**ENTRIES PROVIDED**
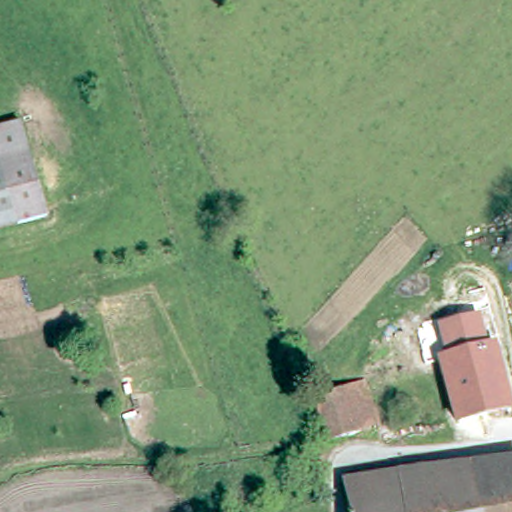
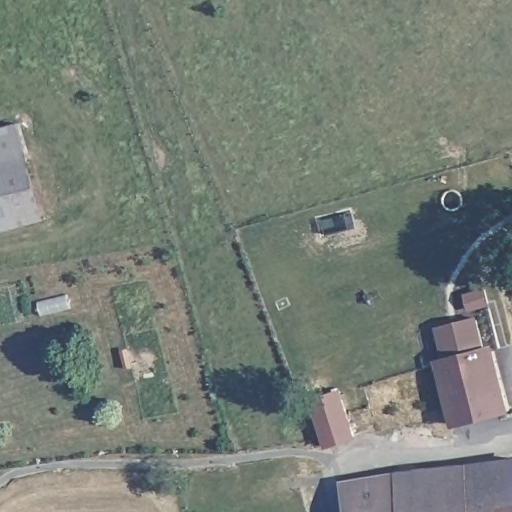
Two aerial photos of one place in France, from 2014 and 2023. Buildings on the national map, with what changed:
unchanged [(0,158),(0,125),(21,119),(45,219),(16,226),(0,158)]
unchanged [(0,158),(16,226),(0,230),(0,158)]
unchanged [(441,358),(429,304),(478,293),(490,349),(441,358)]
unchanged [(508,414),(451,427),(436,359),(441,358),(490,349),(493,348),(508,414)]
unchanged [(321,445),(317,438),(302,397),(331,388),(349,436),(321,445)]
unchanged [(412,423),(414,439),(381,449),(376,429),(379,428),(412,423)]
unchanged [(299,471),(296,461),(308,459),(309,469),(299,471)]
unchanged [(512,462),(512,512),(478,512),(468,467),(512,462)]
unchanged [(397,477),(468,467),(478,512),(403,512),(397,477)]
unchanged [(341,484),(397,477),(403,512),(348,512),(341,484)]

**WHAT IS REQUIRED**
Could you repeat every entry above exactly, with each picture omitted?

**PROBLEM SOLUTION**
Two aerial photos of one place in France, from 2014 and 2023. Buildings on the national map, with what changed:
unchanged [(0,158),(0,125),(21,119),(45,219),(16,226),(0,158)]
unchanged [(0,158),(16,226),(0,230),(0,158)]
unchanged [(441,358),(429,304),(478,293),(490,349),(441,358)]
unchanged [(508,414),(451,427),(436,359),(441,358),(490,349),(493,348),(508,414)]
unchanged [(321,445),(317,438),(302,397),(331,388),(349,436),(321,445)]
unchanged [(412,423),(414,439),(381,449),(376,429),(379,428),(412,423)]
unchanged [(299,471),(296,461),(308,459),(309,469),(299,471)]
unchanged [(512,462),(512,512),(478,512),(468,467),(512,462)]
unchanged [(397,477),(468,467),(478,512),(403,512),(397,477)]
unchanged [(341,484),(397,477),(403,512),(348,512),(341,484)]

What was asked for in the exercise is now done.